Posted on 14 Jan at 9 AM Tags: Immigration, Working in New Zealand, Property,

The New Zealand government has published a new report in which it paints a gloomy picture of changing demographics over the next 50 years. The National Statistics Office has indicated that there will be changes to the operational and social climate and that people planning to emigrate to New Zealand should be aware of these facts while those who have already moved may want to consider moving on.

By 2060 it is predicted that New Zealand’s GDP growth will have slowed significantly. This will be because the country’s population is getting older and more people of working age are looking for better prospects overseas, especially in neighbouring Australia.
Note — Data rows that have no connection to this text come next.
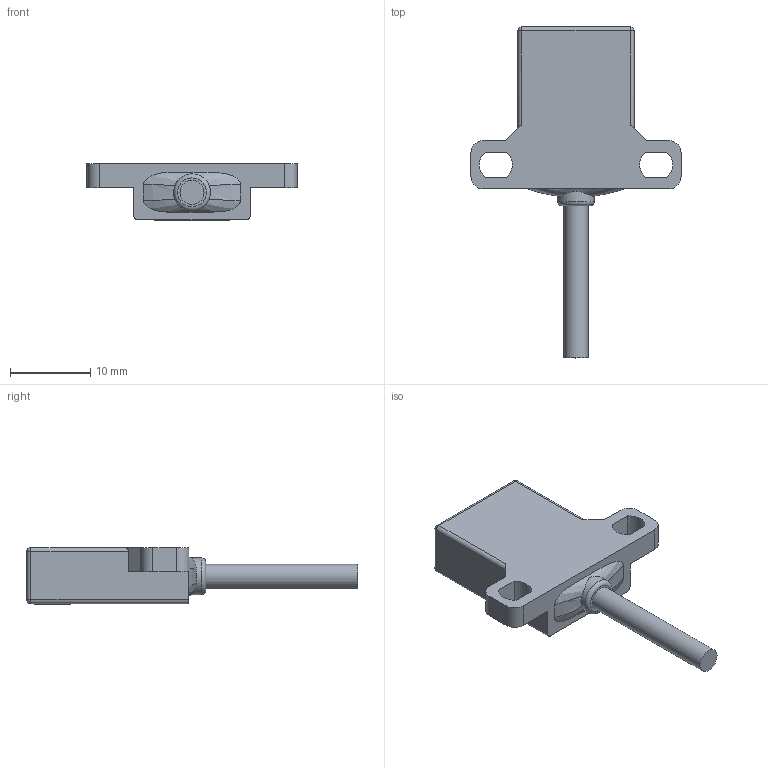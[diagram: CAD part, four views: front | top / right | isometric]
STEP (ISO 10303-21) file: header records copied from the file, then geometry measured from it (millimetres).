
FILE_DESCRIPTION(/* description */ (''),/* implementation_level */ '2;1');
FILE_NAME(/* name */ 'FPW-F10 3D.stp',/* time_stamp */ '2021-07-22T10:15:29+08:00',/* author */ (''),/* organization */ (''),/* preprocessor_version */ 'ST-DEVELOPER v14',/* originating_system */ 'SIEMENS PLM Software NX 8.0',/* authorisation */ '');
FILE_SCHEMA (('AUTOMOTIVE_DESIGN { 1 0 10303 214 3 1 1 1 }'));
Length unit declared in the file: millimetre
Products named in the file (1): Admi43D89864me2g
Bounding box: 26.2 x 41.4 x 7.1 mm (x, y, z)
Volume: 2366 mm3; surface area: 1496.1 mm2
Topology: 1 solids, 1 shells, 88 faces, 222 edges, 141 vertices
Faces by surface type: plane 61, cylinder 20, sphere 4, bspline 2, torus 1
Full cylindrical faces by diameter (mm): 3 x1, 4.6 x1
Entity records: 3207 total; most frequent: CARTESIAN_POINT 1086, ORIENTED_EDGE 428, DIRECTION 414, EDGE_CURVE 214, LINE 168, VECTOR 168, VERTEX_POINT 140, AXIS2_PLACEMENT_3D 123

There are also too few immigrants entering New Zealand to take up the slack. A big concern is that those leaving home are aged between 18 and 24 and those arriving into the country are pensioners.
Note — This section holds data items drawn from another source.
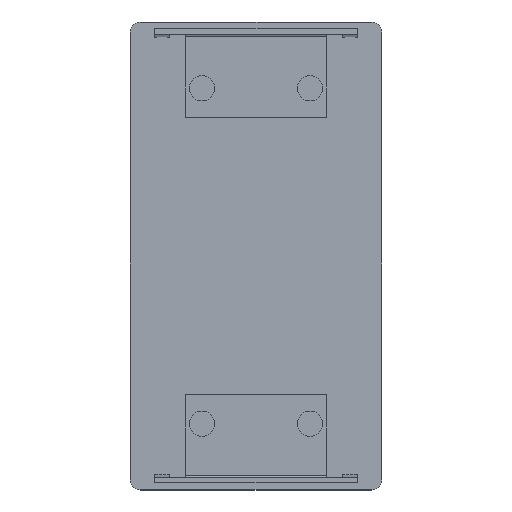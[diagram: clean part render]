
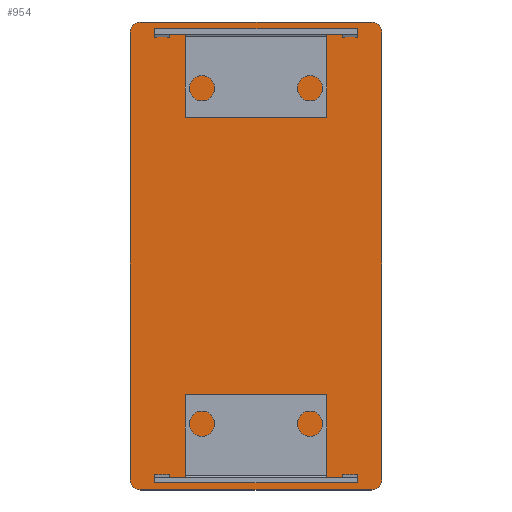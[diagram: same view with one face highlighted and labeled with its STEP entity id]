
A CAD part, top view. The second image highlights one B-rep face of the part: STEP entity #954.
In plain terms, the highlighted face is planar.
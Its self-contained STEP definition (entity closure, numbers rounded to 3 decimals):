
#5 = CARTESIAN_POINT ( 'NONE',  ( -32., 62., 0. ) ) ;
#20 = ORIENTED_EDGE ( 'NONE', *, *, #255, .F. ) ;
#97 = ORIENTED_EDGE ( 'NONE', *, *, #879, .F. ) ;
#103 = LINE ( 'NONE', #1034, #525 ) ;
#108 = CIRCLE ( 'NONE', #661, 3. ) ;
#109 = CARTESIAN_POINT ( 'NONE',  ( -32., -62., 0. ) ) ;
#141 = LINE ( 'NONE', #1300, #169 ) ;
#159 = VECTOR ( 'NONE', #196, 1000. ) ;
#169 = VECTOR ( 'NONE', #1925, 1000. ) ;
#174 = VERTEX_POINT ( 'NONE', #1011 ) ;
#196 = DIRECTION ( 'NONE',  ( 0., -1., 0. ) ) ;
#198 = DIRECTION ( 'NONE',  ( -1., 0., 0. ) ) ;
#199 = CIRCLE ( 'NONE', #547, 3. ) ;
#203 = LINE ( 'NONE', #1137, #705 ) ;
#230 = ORIENTED_EDGE ( 'NONE', *, *, #521, .F. ) ;
#255 = EDGE_CURVE ( 'NONE', #1463, #266, #1986, .T. ) ;
#266 = VERTEX_POINT ( 'NONE', #1648 ) ;
#312 = CIRCLE ( 'NONE', #1060, 3. ) ;
#335 = ORIENTED_EDGE ( 'NONE', *, *, #394, .F. ) ;
#391 = DIRECTION ( 'NONE',  ( 1., 0., 0. ) ) ;
#394 = EDGE_CURVE ( 'NONE', #266, #174, #203, .T. ) ;
#398 = DIRECTION ( 'NONE',  ( -1., 0., 0. ) ) ;
#405 = EDGE_CURVE ( 'NONE', #1445, #1463, #141, .T. ) ;
#507 = CARTESIAN_POINT ( 'NONE',  ( 35., 62., 0. ) ) ;
#521 = EDGE_CURVE ( 'NONE', #1409, #701, #678, .T. ) ;
#525 = VECTOR ( 'NONE', #391, 1000. ) ;
#546 = EDGE_CURVE ( 'NONE', #701, #712, #108, .T. ) ;
#547 = AXIS2_PLACEMENT_3D ( 'NONE', #1452, #1062, #398 ) ;
#548 = EDGE_CURVE ( 'NONE', #712, #1634, #103, .T. ) ;
#570 = DIRECTION ( 'NONE',  ( 0., 0., -1. ) ) ;
#632 = CARTESIAN_POINT ( 'NONE',  ( -35., 62., 0. ) ) ;
#661 = AXIS2_PLACEMENT_3D ( 'NONE', #109, #1202, #1487 ) ;
#678 = LINE ( 'NONE', #632, #159 ) ;
#701 = VERTEX_POINT ( 'NONE', #1775 ) ;
#705 = VECTOR ( 'NONE', #198, 1000. ) ;
#712 = VERTEX_POINT ( 'NONE', #1594 ) ;
#732 = FACE_OUTER_BOUND ( 'NONE', #1494, .T. ) ;
#775 = CARTESIAN_POINT ( 'NONE',  ( -35., 62., 0. ) ) ;
#832 = DIRECTION ( 'NONE',  ( 0., 0., 1. ) ) ;
#877 = CARTESIAN_POINT ( 'NONE',  ( 32., 62., 0. ) ) ;
#879 = EDGE_CURVE ( 'NONE', #1634, #1445, #199, .T. ) ;
#883 = DIRECTION ( 'NONE',  ( -1., 0., 0. ) ) ;
#893 = ORIENTED_EDGE ( 'NONE', *, *, #548, .F. ) ;
#939 = AXIS2_PLACEMENT_3D ( 'NONE', #1649, #570, #2024 ) ;
#954 = ADVANCED_FACE ( 'NONE', ( #732 ), #2015, .T. ) ;
#1011 = CARTESIAN_POINT ( 'NONE',  ( -32., 65., 0. ) ) ;
#1034 = CARTESIAN_POINT ( 'NONE',  ( 32., -65., 0. ) ) ;
#1060 = AXIS2_PLACEMENT_3D ( 'NONE', #5, #1509, #1214 ) ;
#1062 = DIRECTION ( 'NONE',  ( 0., 0., 1. ) ) ;
#1137 = CARTESIAN_POINT ( 'NONE',  ( 32., 65., 0. ) ) ;
#1202 = DIRECTION ( 'NONE',  ( 0., 0., 1. ) ) ;
#1214 = DIRECTION ( 'NONE',  ( -1., 0., 0. ) ) ;
#1292 = EDGE_CURVE ( 'NONE', #174, #1409, #312, .T. ) ;
#1300 = CARTESIAN_POINT ( 'NONE',  ( 35., 62., 0. ) ) ;
#1320 = AXIS2_PLACEMENT_3D ( 'NONE', #877, #832, #883 ) ;
#1409 = VERTEX_POINT ( 'NONE', #775 ) ;
#1439 = ORIENTED_EDGE ( 'NONE', *, *, #546, .F. ) ;
#1445 = VERTEX_POINT ( 'NONE', #1969 ) ;
#1452 = CARTESIAN_POINT ( 'NONE',  ( 32., -62., 0. ) ) ;
#1460 = ORIENTED_EDGE ( 'NONE', *, *, #1292, .F. ) ;
#1463 = VERTEX_POINT ( 'NONE', #507 ) ;
#1487 = DIRECTION ( 'NONE',  ( -1., 0., 0. ) ) ;
#1494 = EDGE_LOOP ( 'NONE', ( #20, #1794, #97, #893, #1439, #230, #1460, #335 ) ) ;
#1509 = DIRECTION ( 'NONE',  ( 0., 0., 1. ) ) ;
#1594 = CARTESIAN_POINT ( 'NONE',  ( -32., -65., 0. ) ) ;
#1634 = VERTEX_POINT ( 'NONE', #1835 ) ;
#1648 = CARTESIAN_POINT ( 'NONE',  ( 32., 65., 0. ) ) ;
#1649 = CARTESIAN_POINT ( 'NONE',  ( 32., 62., 0. ) ) ;
#1775 = CARTESIAN_POINT ( 'NONE',  ( -35., -62., 0. ) ) ;
#1794 = ORIENTED_EDGE ( 'NONE', *, *, #405, .F. ) ;
#1835 = CARTESIAN_POINT ( 'NONE',  ( 32., -65., 0. ) ) ;
#1925 = DIRECTION ( 'NONE',  ( 0., 1., 0. ) ) ;
#1969 = CARTESIAN_POINT ( 'NONE',  ( 35., -62., 0. ) ) ;
#1986 = CIRCLE ( 'NONE', #1320, 3. ) ;
#2015 = PLANE ( 'NONE',  #939 ) ;
#2024 = DIRECTION ( 'NONE',  ( -1., 0., 0. ) ) ;

Those who arrived during the 1970s when the immigration rush was at its peak are now looking to retire, something that over the next two decades will put a crippling strain on the cost of welfare and result in cuts in other sectors.

Although the government recently said there would be a continuation of growth, this year GDP growth is expected to drop to 2.6 per cent.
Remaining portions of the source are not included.